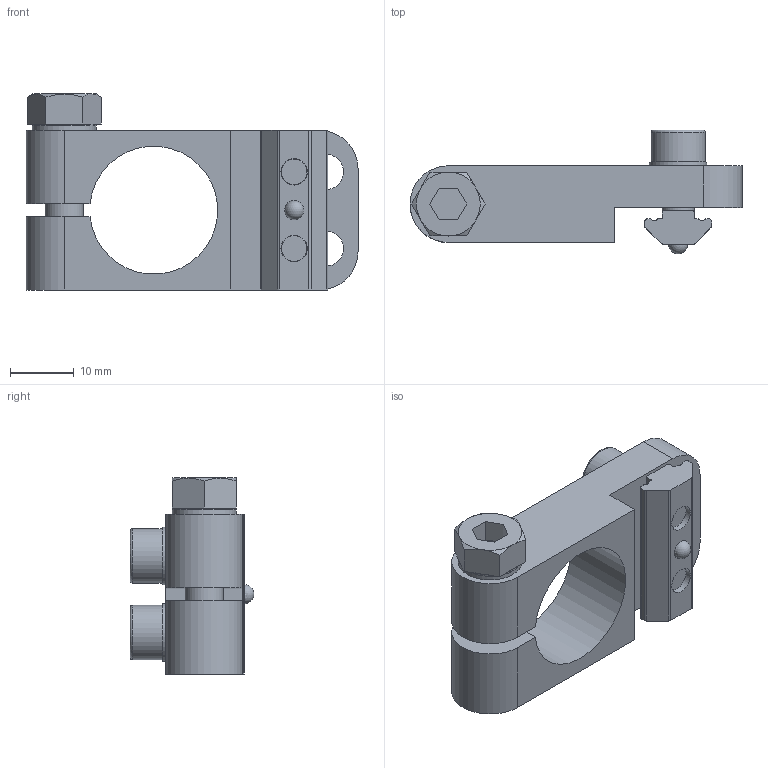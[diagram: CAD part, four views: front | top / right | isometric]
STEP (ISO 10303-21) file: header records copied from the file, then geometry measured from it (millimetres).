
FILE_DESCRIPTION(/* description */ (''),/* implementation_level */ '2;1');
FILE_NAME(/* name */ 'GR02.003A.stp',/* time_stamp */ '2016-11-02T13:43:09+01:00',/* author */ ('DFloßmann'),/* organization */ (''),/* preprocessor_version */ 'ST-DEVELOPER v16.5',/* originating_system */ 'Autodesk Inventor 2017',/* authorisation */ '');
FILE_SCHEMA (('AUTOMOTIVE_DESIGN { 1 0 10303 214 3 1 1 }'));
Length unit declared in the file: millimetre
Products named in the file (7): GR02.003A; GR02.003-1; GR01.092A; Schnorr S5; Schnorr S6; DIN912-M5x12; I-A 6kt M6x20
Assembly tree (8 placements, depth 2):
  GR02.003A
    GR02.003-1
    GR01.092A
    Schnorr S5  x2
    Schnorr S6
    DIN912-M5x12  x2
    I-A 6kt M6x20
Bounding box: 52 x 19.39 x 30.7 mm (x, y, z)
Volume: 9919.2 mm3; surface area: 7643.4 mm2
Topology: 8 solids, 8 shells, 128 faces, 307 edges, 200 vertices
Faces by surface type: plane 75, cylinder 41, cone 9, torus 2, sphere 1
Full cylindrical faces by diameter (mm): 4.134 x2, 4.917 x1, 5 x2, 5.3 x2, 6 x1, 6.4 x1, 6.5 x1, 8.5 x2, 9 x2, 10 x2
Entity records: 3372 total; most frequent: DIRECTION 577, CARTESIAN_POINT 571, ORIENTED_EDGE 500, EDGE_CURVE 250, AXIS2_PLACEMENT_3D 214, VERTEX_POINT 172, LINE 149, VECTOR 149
...
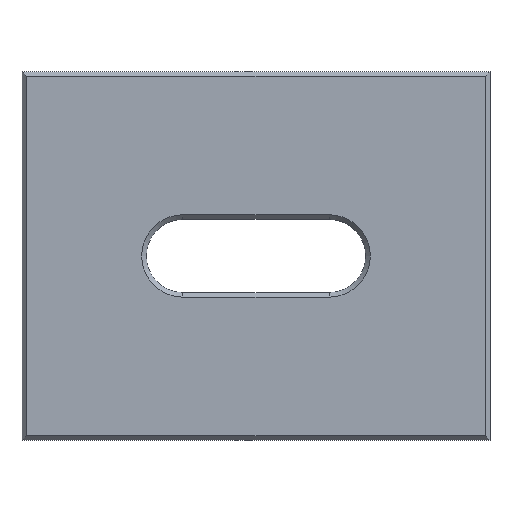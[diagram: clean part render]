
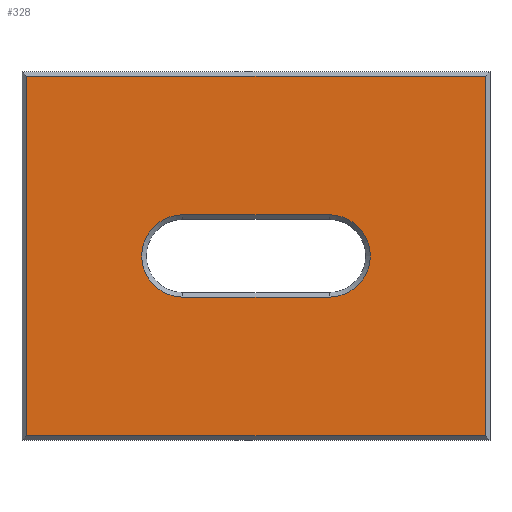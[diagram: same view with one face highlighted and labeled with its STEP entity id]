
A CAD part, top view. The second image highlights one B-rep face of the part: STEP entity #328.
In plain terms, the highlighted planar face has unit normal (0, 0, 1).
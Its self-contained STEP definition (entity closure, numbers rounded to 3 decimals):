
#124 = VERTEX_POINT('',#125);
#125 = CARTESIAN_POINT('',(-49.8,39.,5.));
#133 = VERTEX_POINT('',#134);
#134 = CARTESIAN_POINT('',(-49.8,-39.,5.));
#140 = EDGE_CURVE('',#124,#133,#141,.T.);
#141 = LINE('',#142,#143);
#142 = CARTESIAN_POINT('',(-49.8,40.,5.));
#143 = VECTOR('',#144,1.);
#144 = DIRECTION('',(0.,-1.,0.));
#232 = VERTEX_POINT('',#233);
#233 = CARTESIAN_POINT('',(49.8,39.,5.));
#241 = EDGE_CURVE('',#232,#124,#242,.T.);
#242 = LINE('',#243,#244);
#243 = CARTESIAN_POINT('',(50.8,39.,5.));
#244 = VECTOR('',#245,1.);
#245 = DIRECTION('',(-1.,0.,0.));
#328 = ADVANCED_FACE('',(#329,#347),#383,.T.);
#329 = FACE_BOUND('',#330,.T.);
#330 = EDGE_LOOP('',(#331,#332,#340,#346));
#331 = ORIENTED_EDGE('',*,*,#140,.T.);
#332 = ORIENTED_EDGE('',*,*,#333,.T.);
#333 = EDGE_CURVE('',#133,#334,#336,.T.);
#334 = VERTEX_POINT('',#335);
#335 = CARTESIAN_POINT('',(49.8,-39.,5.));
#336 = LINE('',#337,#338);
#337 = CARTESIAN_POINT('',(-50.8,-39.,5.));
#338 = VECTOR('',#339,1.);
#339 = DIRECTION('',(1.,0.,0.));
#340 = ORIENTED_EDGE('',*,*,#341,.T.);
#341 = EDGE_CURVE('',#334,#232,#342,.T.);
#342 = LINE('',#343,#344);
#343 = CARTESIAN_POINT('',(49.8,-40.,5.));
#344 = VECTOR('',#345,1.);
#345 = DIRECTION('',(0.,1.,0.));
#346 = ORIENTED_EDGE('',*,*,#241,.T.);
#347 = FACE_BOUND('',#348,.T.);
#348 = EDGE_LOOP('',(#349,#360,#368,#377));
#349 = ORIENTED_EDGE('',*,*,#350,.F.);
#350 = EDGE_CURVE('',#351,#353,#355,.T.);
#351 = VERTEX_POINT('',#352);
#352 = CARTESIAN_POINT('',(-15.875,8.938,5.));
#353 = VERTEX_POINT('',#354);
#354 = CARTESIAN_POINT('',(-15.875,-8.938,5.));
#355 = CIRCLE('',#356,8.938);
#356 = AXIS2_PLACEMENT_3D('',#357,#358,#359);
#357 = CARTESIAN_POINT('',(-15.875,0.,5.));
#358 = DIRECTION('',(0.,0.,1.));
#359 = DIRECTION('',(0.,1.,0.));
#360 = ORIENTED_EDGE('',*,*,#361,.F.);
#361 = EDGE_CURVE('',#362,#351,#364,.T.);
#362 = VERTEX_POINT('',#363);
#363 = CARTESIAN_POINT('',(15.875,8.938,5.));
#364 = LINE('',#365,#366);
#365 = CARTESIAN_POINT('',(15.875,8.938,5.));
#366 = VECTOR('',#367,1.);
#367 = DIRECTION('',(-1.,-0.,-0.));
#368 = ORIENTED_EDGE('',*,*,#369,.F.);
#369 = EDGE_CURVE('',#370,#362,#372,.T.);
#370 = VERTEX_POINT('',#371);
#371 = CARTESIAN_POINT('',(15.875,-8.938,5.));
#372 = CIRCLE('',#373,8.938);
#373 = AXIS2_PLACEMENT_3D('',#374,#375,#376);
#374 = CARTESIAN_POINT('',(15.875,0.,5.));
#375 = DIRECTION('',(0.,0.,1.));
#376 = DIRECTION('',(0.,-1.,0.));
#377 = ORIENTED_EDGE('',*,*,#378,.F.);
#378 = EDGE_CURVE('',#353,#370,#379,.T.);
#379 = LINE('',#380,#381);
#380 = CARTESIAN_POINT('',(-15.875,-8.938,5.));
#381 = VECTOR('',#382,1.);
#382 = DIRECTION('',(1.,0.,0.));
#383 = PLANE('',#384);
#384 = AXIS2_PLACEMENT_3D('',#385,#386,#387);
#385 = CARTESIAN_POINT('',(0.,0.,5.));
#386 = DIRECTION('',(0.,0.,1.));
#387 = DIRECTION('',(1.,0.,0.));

### [WHAT IS NEEDED]
Could you restate, word for word, the lines above from the one with "#349 = ORIENTED_EDGE('',*,*,#350,.F.);" to the one with "#370 = VERTEX_POINT('',#371);", both included?

### [REPLY TO THE EXERCISE]
#349 = ORIENTED_EDGE('',*,*,#350,.F.);
#350 = EDGE_CURVE('',#351,#353,#355,.T.);
#351 = VERTEX_POINT('',#352);
#352 = CARTESIAN_POINT('',(-15.875,8.938,5.));
#353 = VERTEX_POINT('',#354);
#354 = CARTESIAN_POINT('',(-15.875,-8.938,5.));
#355 = CIRCLE('',#356,8.938);
#356 = AXIS2_PLACEMENT_3D('',#357,#358,#359);
#357 = CARTESIAN_POINT('',(-15.875,0.,5.));
#358 = DIRECTION('',(0.,0.,1.));
#359 = DIRECTION('',(0.,1.,0.));
#360 = ORIENTED_EDGE('',*,*,#361,.F.);
#361 = EDGE_CURVE('',#362,#351,#364,.T.);
#362 = VERTEX_POINT('',#363);
#363 = CARTESIAN_POINT('',(15.875,8.938,5.));
#364 = LINE('',#365,#366);
#365 = CARTESIAN_POINT('',(15.875,8.938,5.));
#366 = VECTOR('',#367,1.);
#367 = DIRECTION('',(-1.,-0.,-0.));
#368 = ORIENTED_EDGE('',*,*,#369,.F.);
#369 = EDGE_CURVE('',#370,#362,#372,.T.);
#370 = VERTEX_POINT('',#371);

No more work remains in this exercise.